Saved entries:
● ● ● ● ●

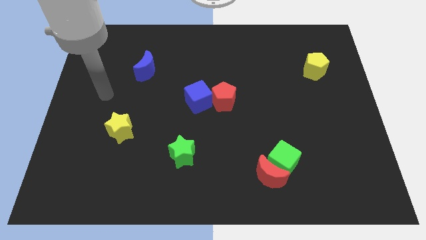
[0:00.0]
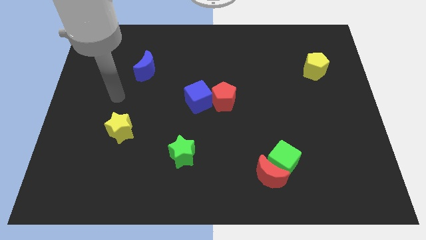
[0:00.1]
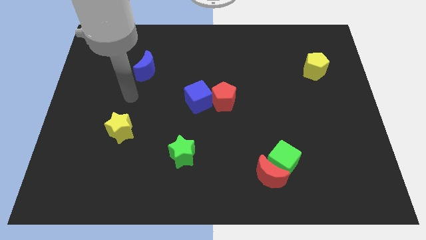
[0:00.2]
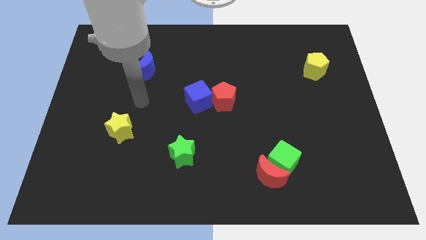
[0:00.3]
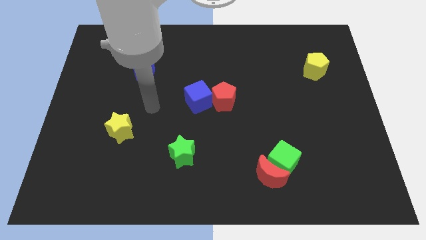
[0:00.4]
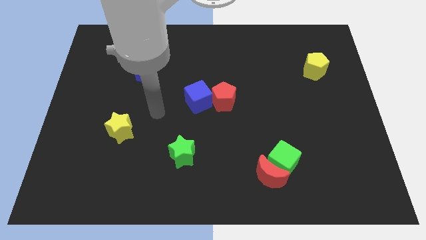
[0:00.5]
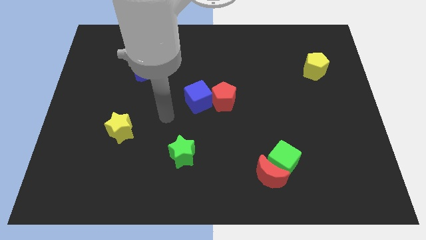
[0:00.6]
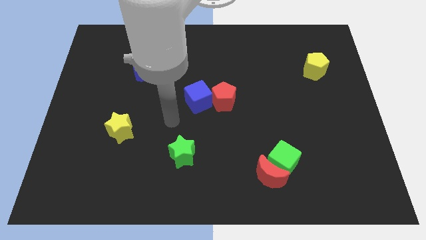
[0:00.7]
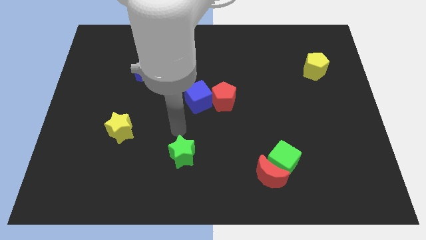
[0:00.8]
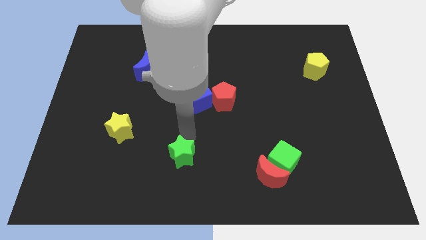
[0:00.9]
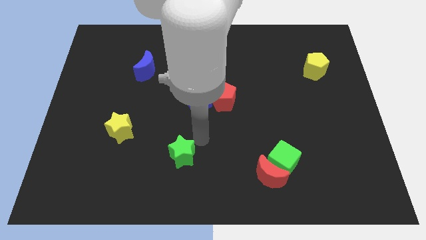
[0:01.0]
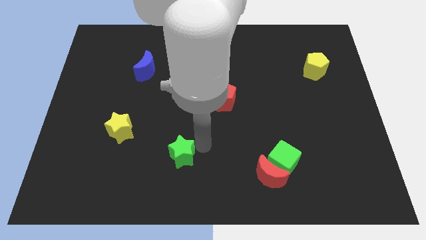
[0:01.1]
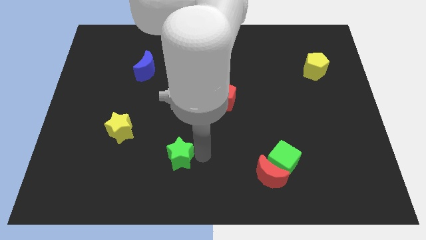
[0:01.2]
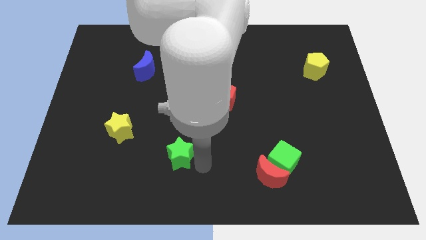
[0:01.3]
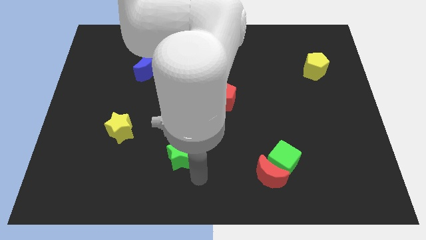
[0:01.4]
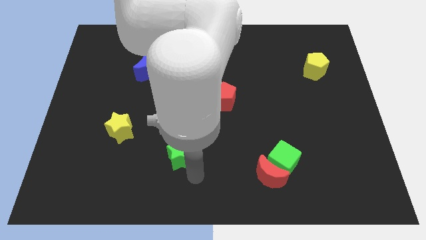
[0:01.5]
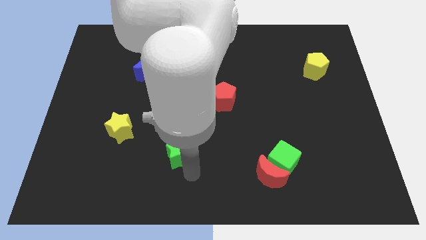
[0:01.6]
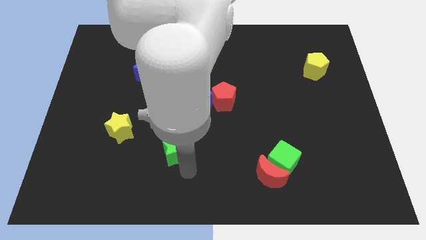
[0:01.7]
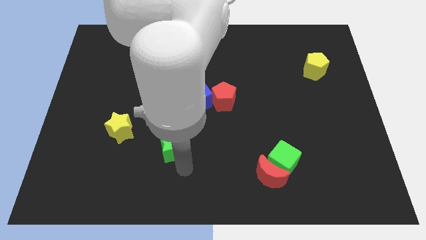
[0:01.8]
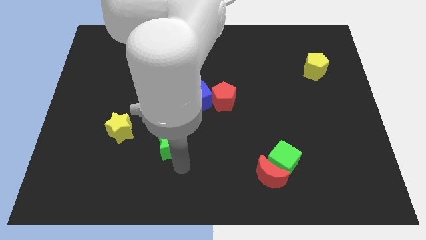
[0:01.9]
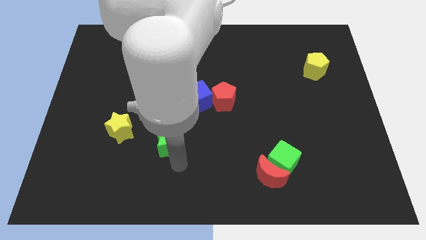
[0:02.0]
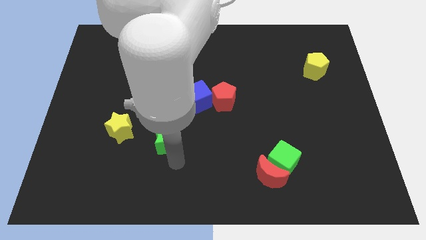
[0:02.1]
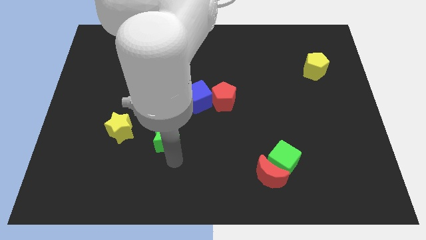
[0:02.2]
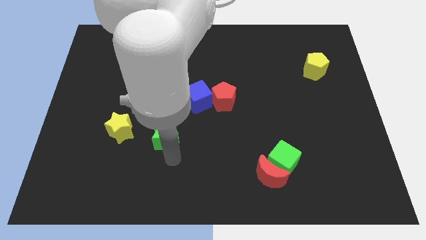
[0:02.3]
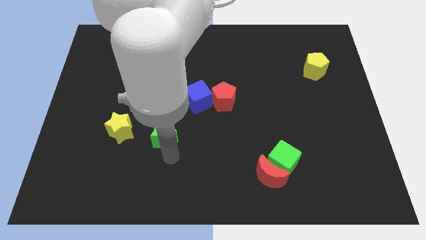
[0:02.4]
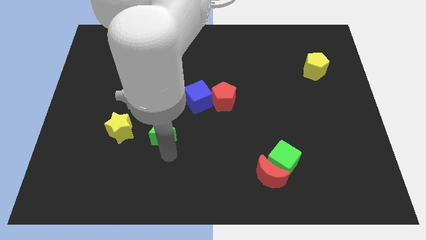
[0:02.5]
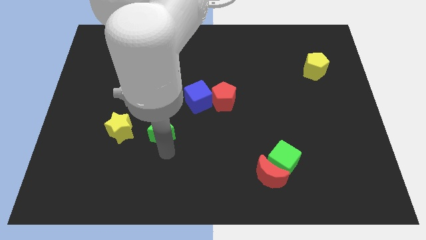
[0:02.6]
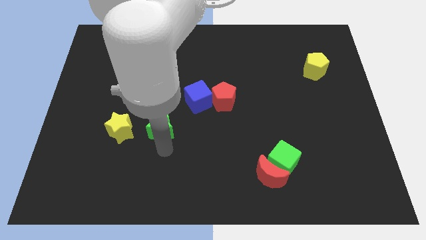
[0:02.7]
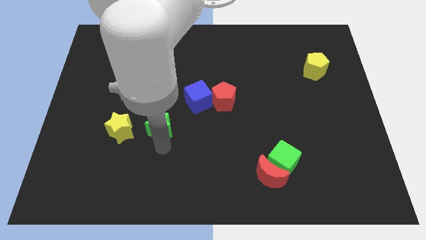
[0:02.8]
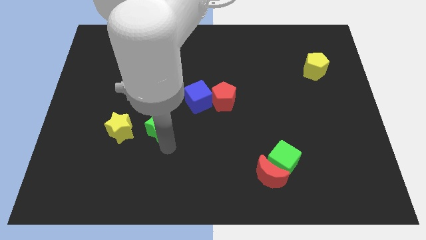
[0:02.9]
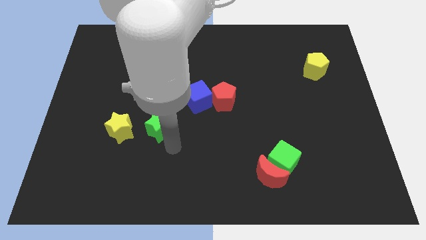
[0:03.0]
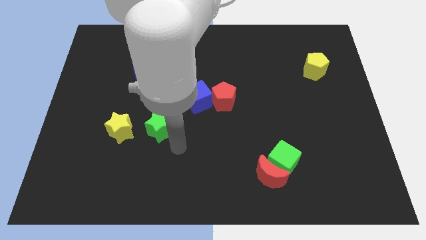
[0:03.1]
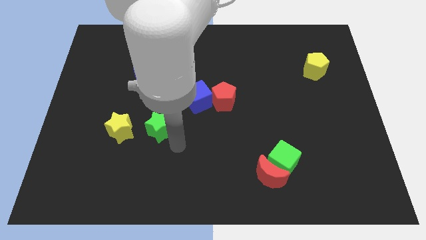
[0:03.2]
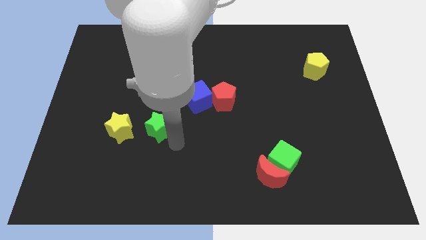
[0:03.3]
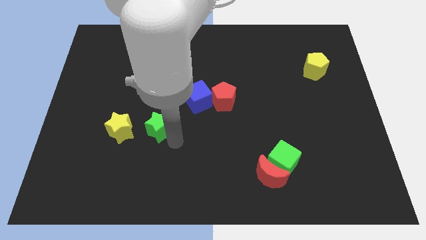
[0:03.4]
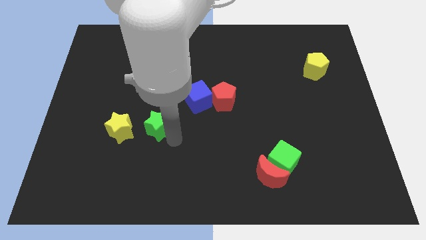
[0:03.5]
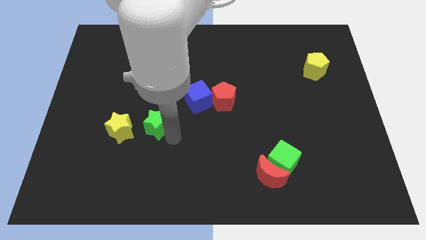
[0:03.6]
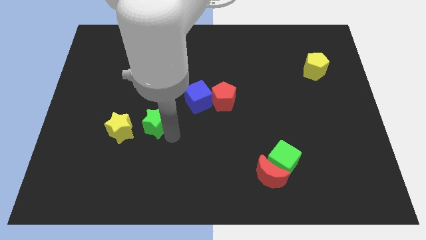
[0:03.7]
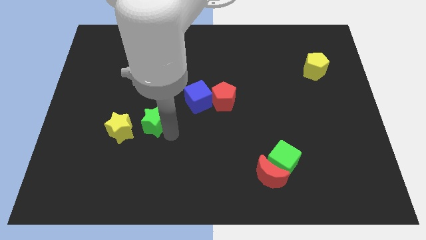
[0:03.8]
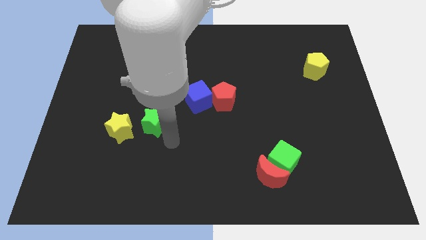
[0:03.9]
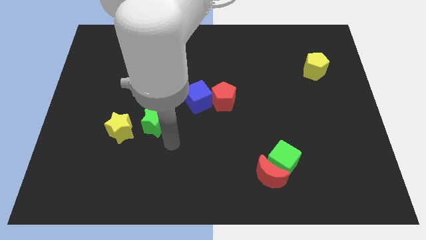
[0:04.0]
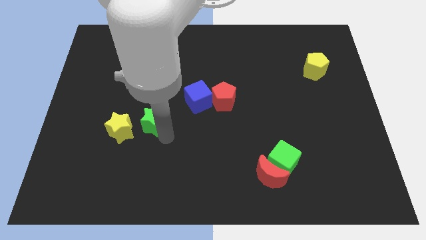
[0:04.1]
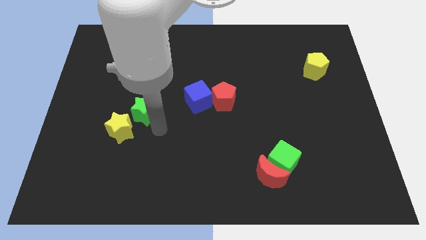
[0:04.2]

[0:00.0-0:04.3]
slide the green star above the yellow star

● ● ● ● ●

= Task =
Return the records exactly as they stand, and drop every picture.

= Exercise solution =
[0:00.0]
[0:00.1]
[0:00.2]
[0:00.3]
[0:00.4]
[0:00.5]
[0:00.6]
[0:00.7]
[0:00.8]
[0:00.9]
[0:01.0]
[0:01.1]
[0:01.2]
[0:01.3]
[0:01.4]
[0:01.5]
[0:01.6]
[0:01.7]
[0:01.8]
[0:01.9]
[0:02.0]
[0:02.1]
[0:02.2]
[0:02.3]
[0:02.4]
[0:02.5]
[0:02.6]
[0:02.7]
[0:02.8]
[0:02.9]
[0:03.0]
[0:03.1]
[0:03.2]
[0:03.3]
[0:03.4]
[0:03.5]
[0:03.6]
[0:03.7]
[0:03.8]
[0:03.9]
[0:04.0]
[0:04.1]
[0:04.2]

[0:00.0-0:04.3]
slide the green star above the yellow star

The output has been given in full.